And a UV-curable siloxane-modified polyurethane having a weight average molecular weight of 5,000 to 500,000. (However, R in the formula represents a methyl group or a phenyl group, and R ₁
Represents nothing or a divalent organic group, R ₂ represents a hydrogen atom or a hydrocarbon group, X represents an active hydrogen-containing group, and m and n each represent an integer of 1 to 300. A second aspect of the present invention is that at least one unsaturated group is provided on a side chain;
Production of an ultraviolet-curable siloxane-modified polyurethane characterized by reacting a polysiloxane compound having at least one active hydrogen-containing group at a molecular chain terminal and / or a side chain, a polyisocyanate, a polyol or a polyamine, and a chain extender. Is the way.

[0007]

BEST MODE FOR CARRYING OUT THE INVENTION Next, the present invention will be described in more detail with reference to preferred embodiments of the present invention. The polyurethane of the present invention is characterized in that it has a polysiloxane segment having an unsaturated group curable by ultraviolet rays in a side chain in a molecular chain. As a result, there is no curing failure because it is instantaneously cured by UV irradiation, heat resistance, cold resistance, high hardness, lubricity, migration resistance, water repellency, oil repellency, mechanical strength, adhesion,
It is possible to produce a cured polyurethane material having excellent properties such as abrasion resistance and flexibility, and excellent properties such as solvent resistance, chemical resistance, weather resistance, and stain resistance.

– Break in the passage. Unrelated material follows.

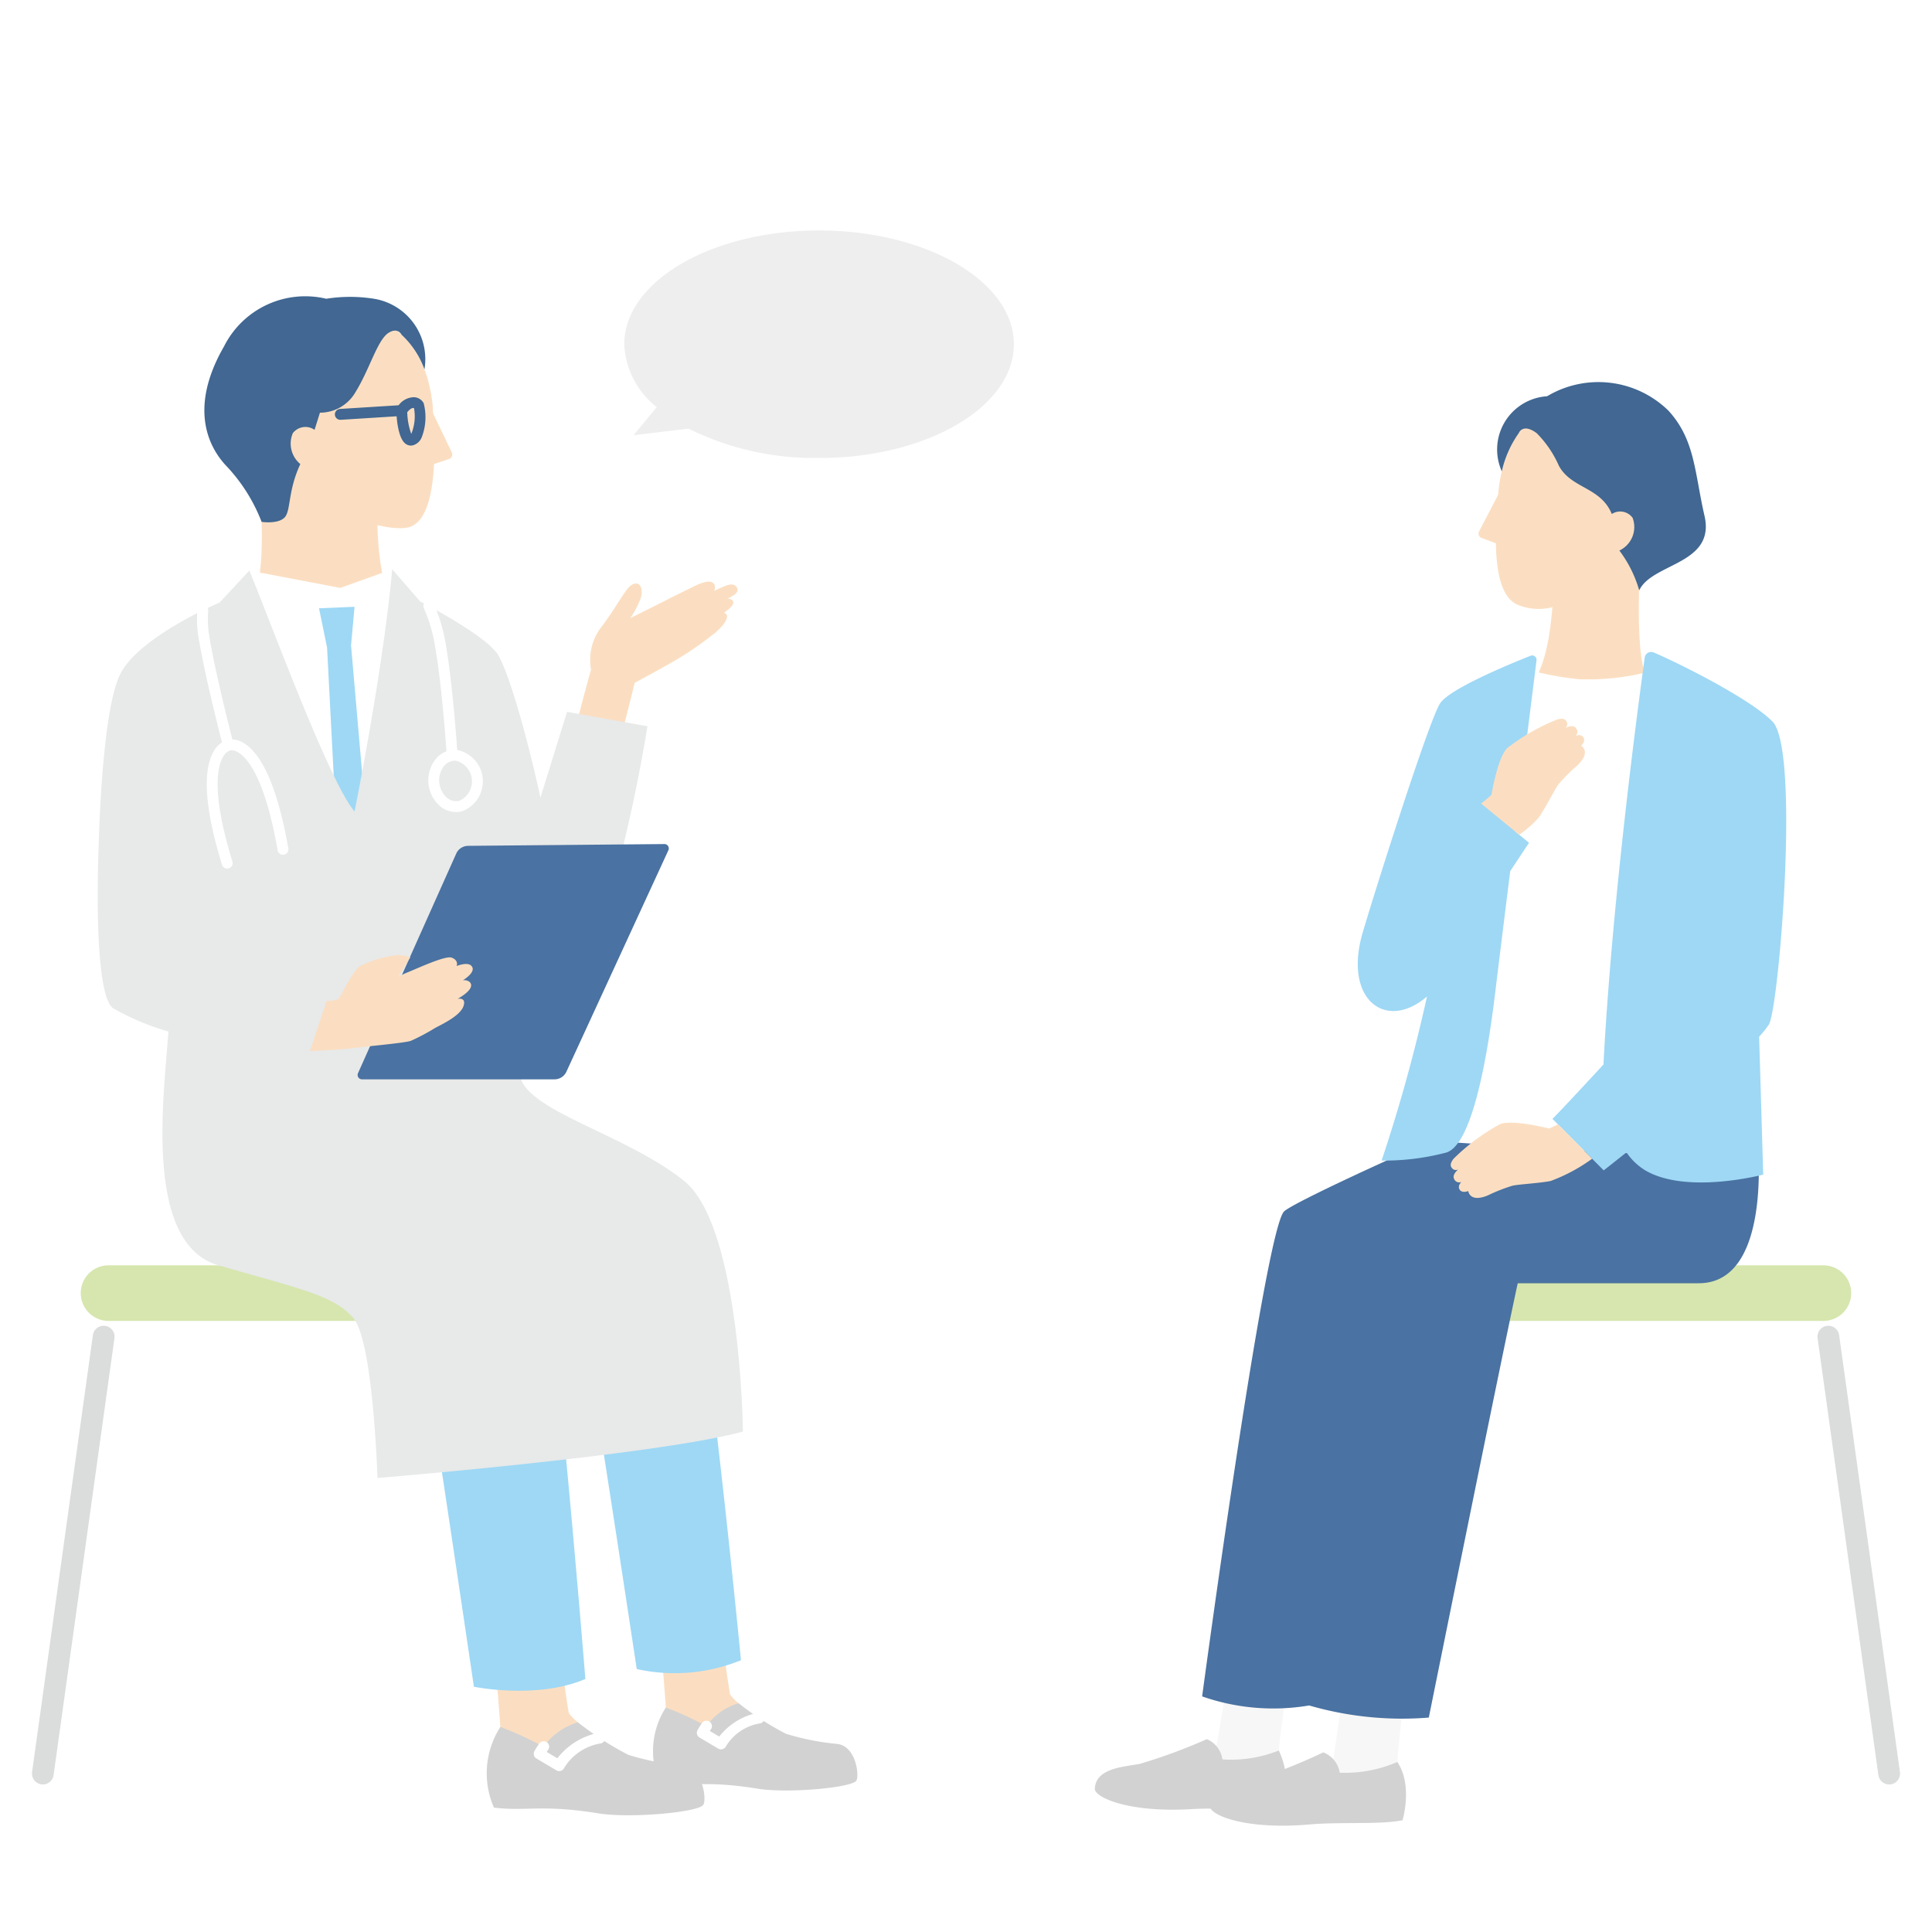 <svg xmlns="http://www.w3.org/2000/svg" xmlns:xlink="http://www.w3.org/1999/xlink" width="130" height="130" viewBox="0 0 130 130"><defs><clipPath id="a"><rect width="125.701" height="107.335" fill="none"/></clipPath></defs><g transform="translate(-266 -3518)"><rect width="130" height="130" transform="translate(266 3518)" fill="#fff"/><g transform="translate(268.149 3533.508)"><g clip-path="url(#a)"><path d="M40.926,241.555H13.086a1.869,1.869,0,1,1,0-3.739h27.84a1.869,1.869,0,1,1,0,3.739" transform="translate(-7.932 -168.182)" fill="#d6e6ae"/><path d="M.733,282.6a.8.8,0,0,1-.1-.007.733.733,0,0,1-.624-.826L4.1,252.382a.732.732,0,1,1,1.45.2L1.457,281.97a.732.732,0,0,1-.724.631" transform="translate(0 -178.037)" fill="#dbdcdc"/><path d="M135.289,80.936c-.162.052-.49.2-.886.379a.447.447,0,0,0,.04-.38c-.124-.307-.5-.349-1.328.049-.511.244-1.528.751-2.233,1.109-.557.283-1.557.78-2.116,1.057a6.381,6.381,0,0,0,.7-1.332c.172-.578.008-1.111-.46-.974-.525.155-.982,1.33-2.27,3.014a3.614,3.614,0,0,0-.611,2.766c-.231.752-.973,3.622-.973,3.622l3.084.555.827-3.295s1.706-.911,2.872-1.595a22.779,22.779,0,0,0,2.414-1.672c.732-.565,1.046-1.14.889-1.328a.355.355,0,0,0-.165-.12c.357-.255.714-.572.608-.765a.346.346,0,0,0-.394-.161c.423-.225.61-.367.665-.478.113-.23-.094-.632-.659-.452" transform="translate(-88.503 -57.067)" fill="#fbdec1"/><path d="M148.335,318.384a50.743,50.743,0,0,0,.619,5.284,2.994,2.994,0,0,0,.576.589l-1.268,3.093-3.414-1.56-.215-1.244-.433-5.686Z" transform="translate(-101.977 -225.159)" fill="#fbdec1"/><path d="M148.5,338.443a4.032,4.032,0,0,0-2.165,1.542,22.084,22.084,0,0,0-2.732-1.253,5.411,5.411,0,0,0-.408,5.1c2.022.245,3.058-.213,6.579.361,2.035.331,6.378-.066,6.652-.547.2-.346-.016-2.251-1.232-2.459a17.067,17.067,0,0,1-3.5-.685,19.6,19.6,0,0,1-3.191-2.058" transform="translate(-100.95 -239.345)" fill="#d2d2d3"/><path d="M154.422,343.077a.364.364,0,0,1-.184-.05l-1.266-.752a.366.366,0,0,1-.133-.492,4.929,4.929,0,0,1,.306-.484.366.366,0,0,1,.595.427c-.025.036-.051.072-.076.109l.636.378a4.453,4.453,0,0,1,2.588-1.6.366.366,0,0,1,.185.709,3.3,3.3,0,0,0-2.311,1.533.371.371,0,0,1-.224.2.388.388,0,0,1-.115.018" transform="translate(-108.054 -240.872)" fill="#fff"/><path d="M110.482,321.459a54,54,0,0,0,.66,5.63,3.19,3.19,0,0,0,.614.628l-1.352,3.3-3.637-1.662-.23-1.326-.461-6.058Z" transform="translate(-75.017 -227.334)" fill="#fbdec1"/><path d="M110.661,342.83a4.3,4.3,0,0,0-2.307,1.643,23.557,23.557,0,0,0-2.911-1.335,5.765,5.765,0,0,0-.435,5.432c2.154.26,3.258-.227,7.01.384,2.168.353,6.795-.07,7.087-.582.211-.369-.017-2.4-1.313-2.62a18.207,18.207,0,0,1-3.732-.73,20.876,20.876,0,0,1-3.4-2.193" transform="translate(-73.922 -242.447)" fill="#d2d2d3"/><path d="M117.026,347.8a.361.361,0,0,1-.184-.05l-1.349-.8a.366.366,0,0,1-.133-.492,5.348,5.348,0,0,1,.324-.514.366.366,0,0,1,.6.426c-.033.045-.064.092-.1.138l.718.427a4.7,4.7,0,0,1,2.756-1.711.366.366,0,0,1,.185.709,3.541,3.541,0,0,0-2.479,1.647.371.371,0,0,1-.224.2.377.377,0,0,1-.115.018" transform="translate(-81.549 -244.133)" fill="#fff"/><path d="M101.978,278.383c.753,7.787,1.406,15.954,1.406,15.954-3.255,1.4-7.5.523-7.5.523s-1.189-8.077-2.351-15.781Z" transform="translate(-66.145 -196.871)" fill="#9ed8f5"/><path d="M138.2,272.207c.979,8.226,1.776,16.5,1.776,16.5a11.814,11.814,0,0,1-7.013.594s-1.3-8.638-2.5-16.282Z" transform="translate(-92.267 -192.503)" fill="#9ed8f5"/><path d="M49.569,61.413c.559-.6.874-2.558.781-5.514l.1-4.546,7.665-.036.032,4.884c.023,1.286.251,4.565,1.48,6.271l.126,2.919-4.484,3.151-5.926-2.718Z" transform="translate(-34.897 -36.291)" fill="#fbdec1"/><path d="M56.8,30.368c1.1,2.93,5.269,3.638,6.249,3.226.6-.253,1.4-1.069,1.557-4.207l1.014-.34A.322.322,0,0,0,65.8,28.6l-1.253-2.61c-.015-.231-.02-.468-.05-.713-.762-6.269-5.656-5.948-5.656-5.948a5.565,5.565,0,0,0-5.53,4.289C52.037,28.48,56.8,30.368,56.8,30.368" transform="translate(-37.55 -13.67)" fill="#fbdec1"/><path d="M69.972,41.117a.366.366,0,0,1-.023-.731l4.134-.259a.366.366,0,1,1,.047.73L70,41.117h-.023" transform="translate(-49.225 -28.377)" fill="#416792"/><path d="M84.712,41.567a.6.6,0,0,1-.365-.125c-.5-.377-.6-1.679-.621-2.222A.366.366,0,0,1,83.792,39a1.311,1.311,0,0,1,1.133-.688.772.772,0,0,1,.644.4,3.738,3.738,0,0,1-.118,2.267.908.908,0,0,1-.591.567.6.6,0,0,1-.148.019m-.248-2.245a4.648,4.648,0,0,0,.271,1.461,3.094,3.094,0,0,0,.186-1.729.074.074,0,0,0-.044-.012c-.09-.014-.243.071-.412.281" transform="translate(-59.211 -27.093)" fill="#416792"/><path d="M46.086,26.409c-.849,1.82-.629,3.126-1.05,3.587-.435.477-1.556.306-1.556.306a11.487,11.487,0,0,0-2.354-3.744c-1.1-1.144-2.644-3.78-.176-8.061a6.115,6.115,0,0,1,6.881-3.209,10.242,10.242,0,0,1,3.283.013,4.119,4.119,0,0,1,3.324,4.739,5.949,5.949,0,0,0-1.543-2.333s-.253-.524-.877-.122c-.754.487-1.262,2.44-2.229,4a2.755,2.755,0,0,1-2.385,1.37l-.361,1.155a1.071,1.071,0,0,0-1.462.221,1.783,1.783,0,0,0,.505,2.081" transform="translate(-28.026 -10.694)" fill="#416792"/><path d="M59.521,81.607,58,77.851l-3.5,1.257-6.12-1.167-.653,3.8L55.507,97.5l3.127-5.77Z" transform="translate(-33.752 -55.056)" fill="#fff"/><path d="M69.306,102.658,68.125,89.072l.234-2.6-2.389.1.542,2.641.717,13.805Z" transform="translate(-46.653 -61.15)" fill="#9ed8f5"/><path d="M54.577,119.01c-3.814-3.061-10.2-4.594-11-6.885a50.165,50.165,0,0,1-1.264-8.382,6.143,6.143,0,0,0,2.541,1.441c1.394.14,3-.613,4.99-6.249a106.5,106.5,0,0,0,2.265-10.518L46.7,87.448,44.907,93.22c-.922-4.24-2.236-8.857-2.978-9.788-1.063-1.334-5.121-3.419-5.121-3.419l-1.873-2.161C34.313,84.7,32.4,94.15,32.4,94.15c-1.7-1.981-5.658-12.777-7.078-16.208L23.311,80.1s-5.478,2.3-6.705,4.865-1.413,11.256-1.413,11.256-.466,9.971.931,11.151a16.845,16.845,0,0,0,3.752,1.586c-.307,4.393-1.68,14.271,3.372,15.733,5.455,1.578,7.712,2,9.062,3.535S33.943,139,33.943,139s18.844-1.545,24.589-3.124c0,0-.141-13.8-3.955-16.864" transform="translate(-10.692 -55.057)" fill="#e8e9e9"/><path d="M82.271,141.12,95.484,141a.293.293,0,0,1,.269.415l-6.864,14.905a.878.878,0,0,1-.8.511H75.134a.293.293,0,0,1-.267-.412l6.61-14.778a.878.878,0,0,1,.794-.52" transform="translate(-52.927 -99.713)" fill="#4a72a2"/><path d="M70.652,172.287a13.909,13.909,0,0,0,1.652-.877c.688-.353,1.714-.873,1.908-1.486.168-.532-.282-.488-.4-.467.655-.376,1.106-.808.82-1.122a.552.552,0,0,0-.471-.122c.516-.338.826-.7.577-.974-.206-.225-.683-.107-1,.008.1-.237-.046-.464-.338-.565-.411-.141-2.19.677-2.795.926a8.533,8.533,0,0,0-.789.357l.815-1.312a3.324,3.324,0,0,0-.813-.141,7.442,7.442,0,0,0-2.57.738c-.465.268-1.266,1.959-1.425,2.176-.087.117-.485.16-.832.175l-1.119,3.37c.964-.046,2.306-.117,2.65-.168.8-.12,3.63-.357,4.135-.518" transform="translate(-45.166 -117.755)" fill="#fbdec1"/><path d="M92.963,123.538a1.7,1.7,0,0,1-1-.33,2.3,2.3,0,0,1-.282-3.341,1.678,1.678,0,0,1,1.323-.512,2.151,2.151,0,0,1,.349,4.134,1.647,1.647,0,0,1-.394.048m-.074-3.455a.957.957,0,0,0-.684.3,1.57,1.57,0,0,0,.188,2.231.95.95,0,0,0,.789.166,1.429,1.429,0,0,0-.228-2.693l-.066,0" transform="translate(-64.421 -84.405)" fill="#fff"/><path d="M39.96,95.576a.366.366,0,0,1-.354-.275c-.011-.042-1.109-4.3-1.543-6.864a7.78,7.78,0,0,1-.111-2.053.366.366,0,0,1,.728.074,7.07,7.07,0,0,0,.1,1.856c.429,2.534,1.519,6.761,1.53,6.8a.366.366,0,0,1-.355.458" transform="translate(-26.82 -60.858)" fill="#fff"/><path d="M91.889,95.611a.366.366,0,0,1-.365-.341c0-.047-.321-4.731-.8-7.291a9.967,9.967,0,0,0-.723-2.4.366.366,0,0,1,.663-.311,10.688,10.688,0,0,1,.78,2.577c.482,2.6.793,7.182.806,7.375a.366.366,0,0,1-.341.39h-.025" transform="translate(-63.627 -60.152)" fill="#fff"/><path d="M41.557,125.669a.366.366,0,0,1-.349-.258c-1.461-4.721-1.094-6.784-.528-7.683a1.491,1.491,0,0,1,.9-.713,1.418,1.418,0,0,1,1.078.2c1.29.755,2.331,3.206,3.01,7.088a.366.366,0,1,1-.721.126c-.852-4.872-2.031-6.215-2.658-6.582a.785.785,0,0,0-.5-.136.358.358,0,0,1-.068.017.865.865,0,0,0-.451.436c-.373.648-.787,2.421.638,7.025a.366.366,0,0,1-.35.474" transform="translate(-28.417 -82.73)" fill="#fff"/><path d="M312.1,241.555h27.84a1.869,1.869,0,1,0,0-3.739H312.1a1.869,1.869,0,0,0,0,3.739" transform="translate(-219.396 -168.182)" fill="#d6e6ae"/><path d="M415.152,282.6a.732.732,0,0,1-.724-.631l-4.09-29.386a.732.732,0,1,1,1.45-.2l4.09,29.386a.733.733,0,0,1-.624.826.81.81,0,0,1-.1.007" transform="translate(-290.184 -178.037)" fill="#dbdcdc"/><path d="M271.11,336.461l.9-5.21,3.966.481s-.669,4.545-.625,4.807l-2.88,1.909-1.764-1.017Z" transform="translate(-191.446 -234.259)" fill="#f7f7f7"/><path d="M252.829,348.058a8.653,8.653,0,0,0,3.8-.6,5.139,5.139,0,0,1,.236,3.833c-1.465.263-4.059-.011-6.1.112-4.248.256-6.546-.792-6.516-1.375.07-1.368,1.861-1.459,3.007-1.664a36.9,36.9,0,0,0,4.528-1.668,1.712,1.712,0,0,1,1.047,1.364" transform="translate(-172.73 -245.18)" fill="#d2d2d3"/><path d="M298.037,339.13l.782-5.36,4.075.383s-.559,4.673-.507,4.941l-2.9,2.034-1.835-.993Z" transform="translate(-210.501 -236.04)" fill="#f7f7f7"/><path d="M279.446,351.1a8.862,8.862,0,0,0,3.876-.721c1.061,1.583.348,3.919.348,3.919-1.493.31-4.157.1-6.247.284-4.343.38-6.726-.63-6.711-1.228.034-1.4,1.865-1.546,3.033-1.788a37.8,37.8,0,0,0,4.591-1.833,1.754,1.754,0,0,1,1.11,1.367" transform="translate(-191.446 -247.327)" fill="#d2d2d3"/><path d="M352.554,80.541l-.346,1.819-6.815,1.533-.485-2.924c1.067-1.462,1.287-4.473,1.368-5.84l.14-3.669,5.778.221s-.524,7.24.361,8.861" transform="translate(-243.917 -50.535)" fill="#fbdec1"/><path d="M333.758,45.665l-1.286,2.471a.31.31,0,0,0,.167.434l.964.359c.051,3.023.816,3.792,1.367,4.094a3.668,3.668,0,0,0,2.46.2s2.206-.548,2.851-1.649.8-1.458.8-1.458,4.636-1.668,3.558-6.381a5.355,5.355,0,0,0-5.185-4.3s-4.7-.461-5.626,5.544c-.036.235-.049.462-.071.685" transform="translate(-235.098 -27.883)" fill="#fbdec1"/><path d="M337.082,40.9a7.134,7.134,0,0,1,1.149-2.588s.26-.684,1.2.016a7.231,7.231,0,0,1,1.491,2.193c.84,1.546,2.807,1.413,3.561,3.245a1.03,1.03,0,0,1,1.4.258,1.752,1.752,0,0,1-.891,2.2,8.208,8.208,0,0,1,1.336,2.682c.847-1.848,5.144-1.735,4.393-5.014-.675-2.944-.633-5.118-2.426-7.079a6.733,6.733,0,0,0-8.167-.971,3.59,3.59,0,0,0-3.045,5.057" transform="translate(-238.177 -24.687)" fill="#416792"/><path d="M305.376,205.118l-18.04-.16c-2.382.855-12.242,5.339-12.9,5.993-1.307,1.307-5.514,32.633-5.514,32.633a14.5,14.5,0,0,0,7.2.61,22.473,22.473,0,0,0,8.052.815s4.914-24.335,5.984-29.226h12.182c3.388,0,4.041-4.4,4.041-7.59Z" transform="translate(-190.182 -144.945)" fill="#4a72a2"/><path d="M339.54,100.676a16.407,16.407,0,0,1-5.414.72,20.342,20.342,0,0,1-3.721-.72l-2.234,5.028-2.946,26.826s8.471.58,14.315.838l.961-27.08Z" transform="translate(-229.997 -71.198)" fill="#fff"/><path d="M364.206,101.529c-1.5-1.531-6.342-3.948-7.986-4.64a.438.438,0,0,0-.6.346c-.395,2.866-2.2,16.261-2.776,27.378-1.617,1.752-3.068,3.31-3.434,3.659l3.45,3.467s.6-.47,1.532-1.211a4.123,4.123,0,0,0,1.266,1.211c2.795,1.644,7.935.285,7.935.285l-.275-9.278a6.475,6.475,0,0,0,.656-.821c.662-1.05,2.125-18.468.236-20.4" transform="translate(-247.099 -68.495)" fill="#9ed8f5"/><path d="M315.275,109.5c.608-4.885,1.242-9.954,1.437-11.515a.292.292,0,0,0-.4-.307c-1.367.541-5.365,2.184-6.069,3.174-.733,1.031-4.549,13.112-5.238,15.489-1.29,4.448,1.547,6.653,4.337,4.264a108.755,108.755,0,0,1-3.054,11.041,16.421,16.421,0,0,0,4.355-.541c1.908-.588,2.912-7.534,3.346-11.229.086-.735.484-3.941.952-7.706l1.266-1.908Z" transform="translate(-215.472 -69.061)" fill="#9ed8f5"/><path d="M339.756,114.029s.321-.305.148-.567-.525-.1-.525-.1a.364.364,0,0,0,.033-.509c-.214-.307-.727-.019-.727-.019a.327.327,0,0,0,.1-.416c-.1-.206-.271-.247-.612-.17a13.811,13.811,0,0,0-3.41,1.951c-.651.681-1.042,3.126-1.042,3.126a8.225,8.225,0,0,1-.7.592l2.562,2.1a6.923,6.923,0,0,0,1.339-1.184c.438-.642,1.075-1.9,1.314-2.22a11.583,11.583,0,0,1,1.27-1.266c.954-.921.251-1.314.251-1.314" transform="translate(-235.51 -79.356)" fill="#fbdec1"/><path d="M332.661,205.429s-2.4-.621-3.282-.3a13.811,13.811,0,0,0-3.153,2.344c-.207.282-.238.458-.089.63a.327.327,0,0,0,.423.072s-.469.355-.274.674a.364.364,0,0,0,.479.174s-.29.257-.119.521.579.091.579.091.08.8,1.305.3a11.533,11.533,0,0,1,1.668-.657c.388-.092,1.8-.17,2.56-.315a11.409,11.409,0,0,0,2.8-1.5l-2.3-2.316c-.336.175-.591.281-.591.281" transform="translate(-230.577 -145.002)" fill="#fbdec1"/><path d="M149.222,0c-7.238,0-13.106,3.427-13.106,7.655a5.7,5.7,0,0,0,2.187,4.233l-1.564,1.889,3.7-.443a19.109,19.109,0,0,0,8.787,1.976c7.238,0,13.106-3.427,13.106-7.654S156.461,0,149.222,0" transform="translate(-96.26)" fill="#eeeeef"/></g></g></g></svg>

The ultraviolet-curable siloxane-modified polyurethane of the present invention comprises a polysiloxane compound having an active hydrogen-containing group at both ends and at least one unsaturated group in a side chain represented by the general formula (1). , Polyisocyanate,
It can be obtained by reacting a polyol or polyamine and, if necessary, a chain extender. In the ultraviolet-curable siloxane-modified polyurethane of the present invention, the polysiloxane compound is introduced as a polysiloxane segment in the polyurethane chain, and an unsaturated group that makes the polyurethane ultraviolet-curable is introduced as a side chain of the polysiloxane segment. ing.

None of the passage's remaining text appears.